Toen we een paar weken geleden op kerstavond in familiekring samenzaten haalde schoonbroer Guido op een zeker moment zijn gitaar boven.
En om dat ding te stemmen klemde hij er bovenaan een klein toestelletje op, waarmee hij onmiddellijk de toon (frequentie) van de aangeslagen snaar kon aflezen.
Hij kon dus gemakkelijk de snaarspanningen bijregelen tot alle snaren de juiste toon weergaven.
Een prachtig stukje technologie zo’n gitaarstemmer.
Ik wilde dan ook meteen weten hoe zo’n ding werkt.
Aan de basis van de werking ligt het wonderlijke piëzo-elektrisch effect.

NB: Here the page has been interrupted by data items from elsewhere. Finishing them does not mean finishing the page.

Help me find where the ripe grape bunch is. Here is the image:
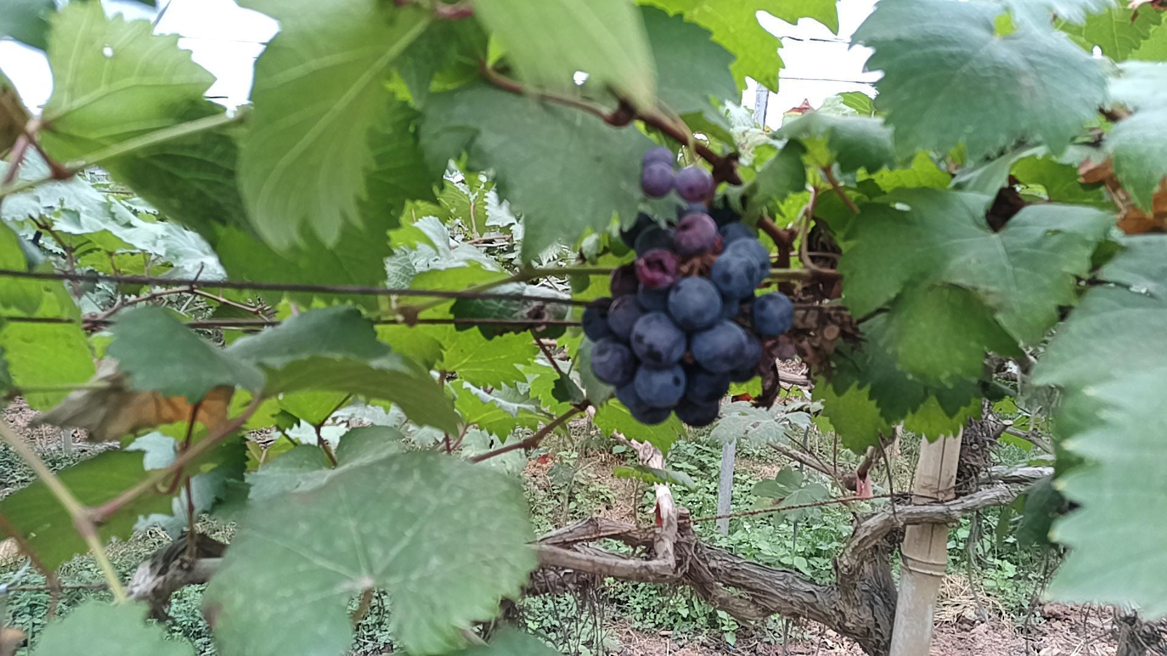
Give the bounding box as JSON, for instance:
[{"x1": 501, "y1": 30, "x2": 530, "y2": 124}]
[{"x1": 582, "y1": 147, "x2": 793, "y2": 426}]
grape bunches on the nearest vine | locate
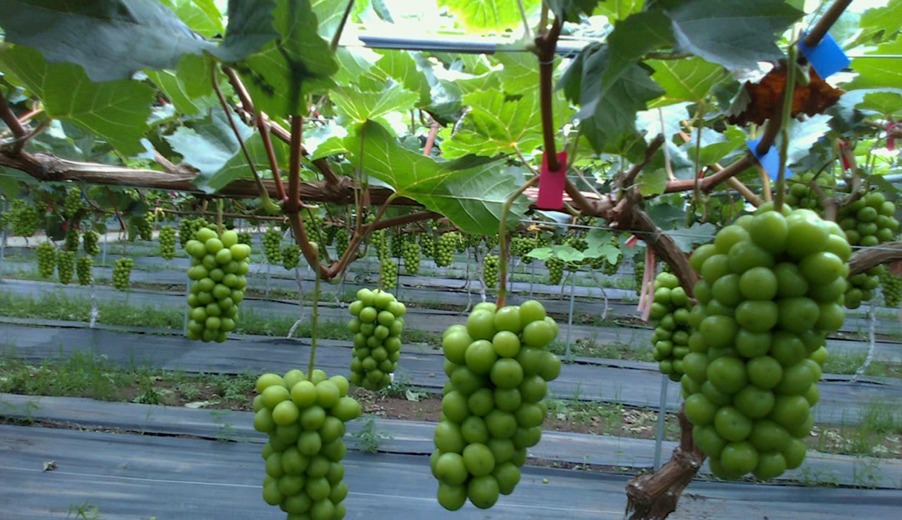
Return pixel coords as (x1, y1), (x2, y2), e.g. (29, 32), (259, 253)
(429, 300), (561, 511)
(680, 201), (852, 480)
(253, 368), (361, 519)
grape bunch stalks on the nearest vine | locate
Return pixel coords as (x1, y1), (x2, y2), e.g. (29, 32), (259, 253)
(495, 174), (539, 313)
(774, 26), (801, 212)
(307, 240), (320, 382)
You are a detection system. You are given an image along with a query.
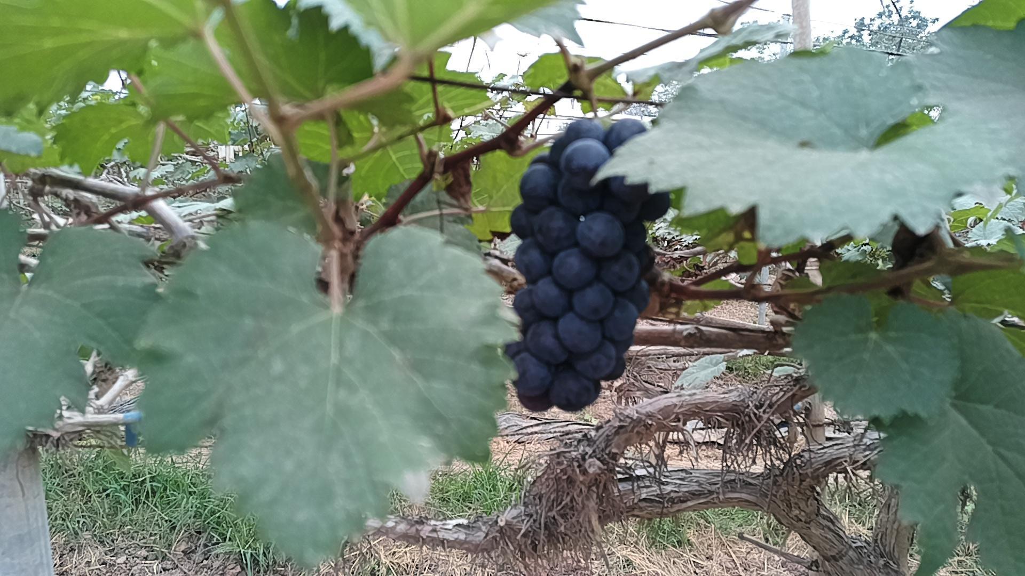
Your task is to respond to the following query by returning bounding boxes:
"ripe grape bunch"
[504,119,670,411]

Dit is een duur woord voor een merkwaardige eigenschap die al 1880 door de gebroeders Jacques en Pierre Curie (de man van Marie Curie) ontdekt werd.
Ze stelden vast dat als je bepaalde kristalsoorten (kwartskristallen bijvoorbeeld) vervormt (samendrukt of uitrekt), er tussen de uiteinden van zo’n kristal een elektrische spanning ontstaat.

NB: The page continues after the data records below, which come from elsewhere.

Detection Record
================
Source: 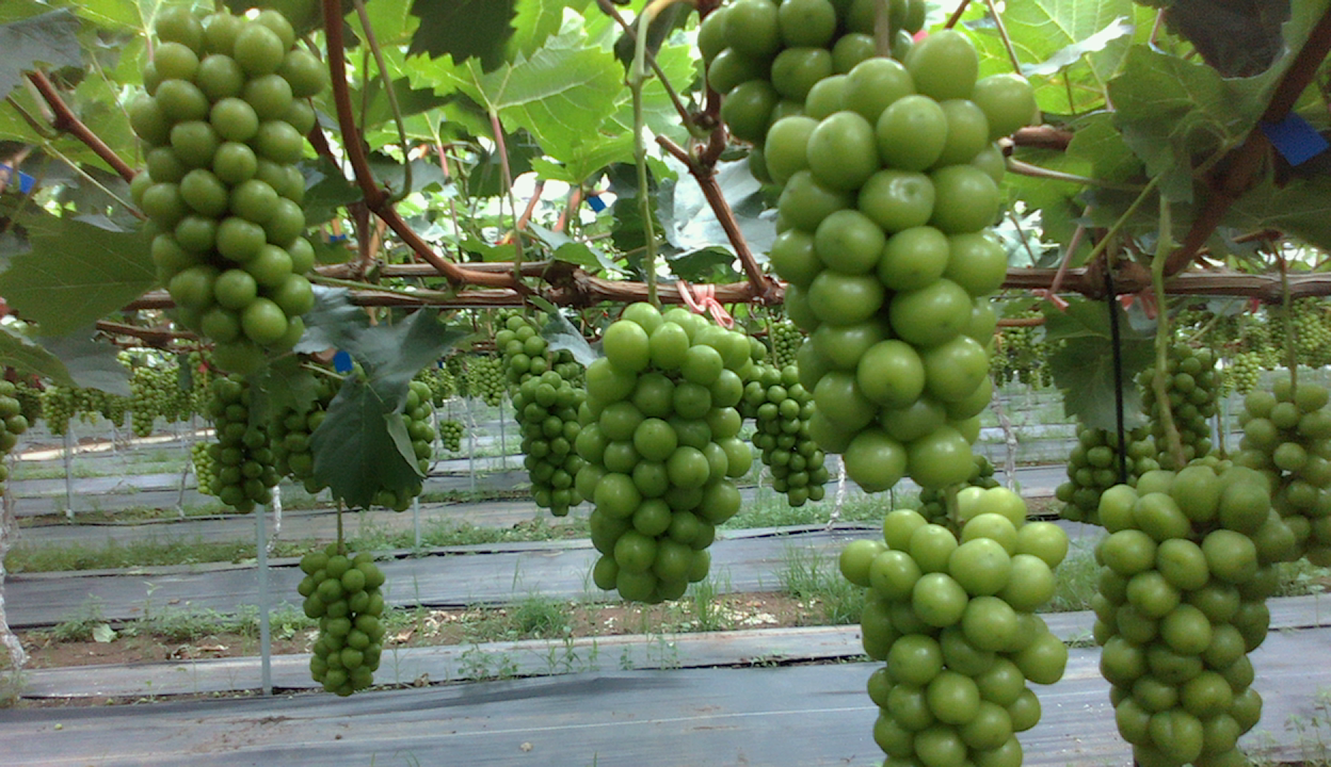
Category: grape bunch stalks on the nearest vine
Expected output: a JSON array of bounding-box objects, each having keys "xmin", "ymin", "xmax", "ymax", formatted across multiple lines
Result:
[
  {"xmin": 1280, "ymin": 263, "xmax": 1296, "ymax": 403},
  {"xmin": 632, "ymin": 0, "xmax": 677, "ymax": 309},
  {"xmin": 1151, "ymin": 200, "xmax": 1186, "ymax": 474},
  {"xmin": 943, "ymin": 487, "xmax": 960, "ymax": 542},
  {"xmin": 876, "ymin": 0, "xmax": 892, "ymax": 59}
]
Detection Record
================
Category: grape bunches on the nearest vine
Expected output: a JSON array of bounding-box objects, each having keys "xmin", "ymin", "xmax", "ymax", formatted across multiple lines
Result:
[
  {"xmin": 1091, "ymin": 464, "xmax": 1293, "ymax": 766},
  {"xmin": 575, "ymin": 301, "xmax": 755, "ymax": 606},
  {"xmin": 128, "ymin": 5, "xmax": 330, "ymax": 377},
  {"xmin": 1237, "ymin": 377, "xmax": 1330, "ymax": 566},
  {"xmin": 699, "ymin": 0, "xmax": 925, "ymax": 189},
  {"xmin": 836, "ymin": 488, "xmax": 1070, "ymax": 766},
  {"xmin": 765, "ymin": 30, "xmax": 1037, "ymax": 494}
]

Als je ze zo'n kristal dus aan een trilling (= snel opeenvolgende samendrukkingen en uitrekkingen) onderwerpt, zal er tussen de uiteinden een wisselspanning ontstaan.
In onderstaande simulatie is dat te zien:
Je kan je wel voorstellen dat de frequentie van die wisselspanning evenredig is met de frequentie van de trilling van het kristal.

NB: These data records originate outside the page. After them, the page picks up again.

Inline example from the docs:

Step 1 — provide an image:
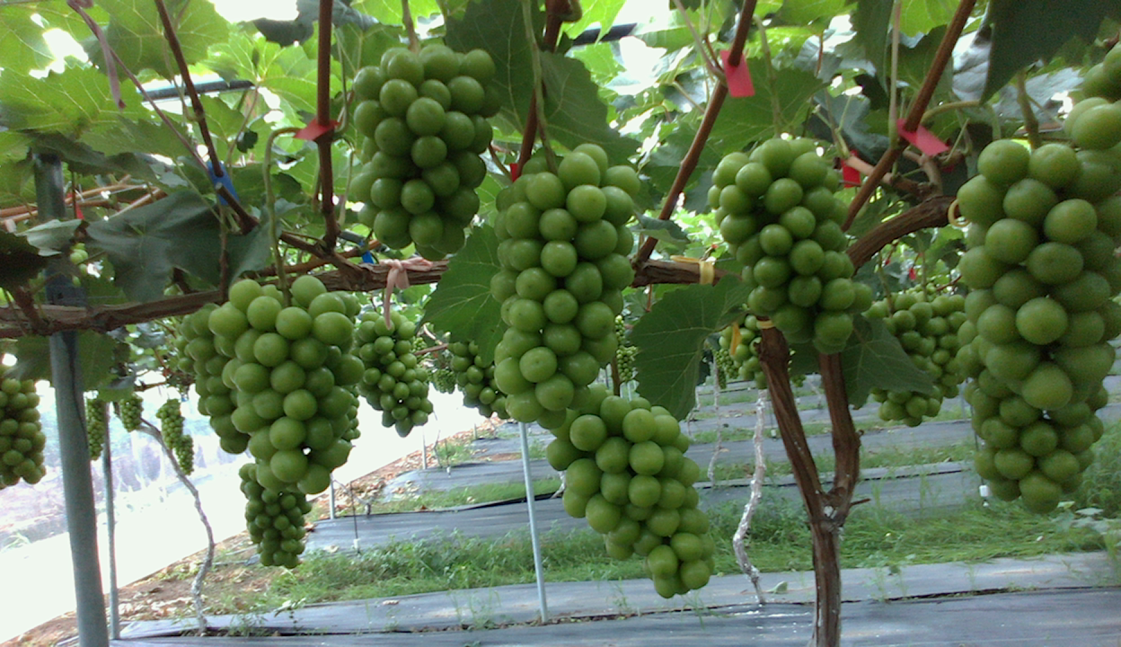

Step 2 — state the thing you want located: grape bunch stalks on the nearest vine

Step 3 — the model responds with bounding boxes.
[753,16,781,141]
[262,126,303,307]
[522,5,555,173]
[611,353,619,397]
[1014,63,1041,150]
[401,0,423,52]
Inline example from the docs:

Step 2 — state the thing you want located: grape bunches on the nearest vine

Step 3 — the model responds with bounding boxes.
[349,44,502,254]
[491,143,641,430]
[958,138,1120,412]
[208,275,363,494]
[709,137,874,353]
[547,385,714,598]

Als men dus via een stukje elektronica de frequentie van die wisselspanning kan meten kent men de frequentie waarmee het kristal trilt.
En dat is het nu wat precies in zo'n gitaar-tunertje gebeurt: de trilling van de snaren wordt via het hout doorgegeven aan het kristal in het toestelletje en de elektronica meet de frequentie van de wisselspanning en toont ze op een klein schermpje!
Maar dat piëzo-elektrisch effect is ook omkeerbaar!
Als je een wisselspanning aanlegt tussen de uiteinden van een kwartskristal (of een ander kristal dat het verschijnsel ook vertoont) dan begint dat kristal te trillen met een bepaalde frequentie!
En daar maakt men bijvoorbeeld gebruik van bij de zogenaamde kwartshorloges.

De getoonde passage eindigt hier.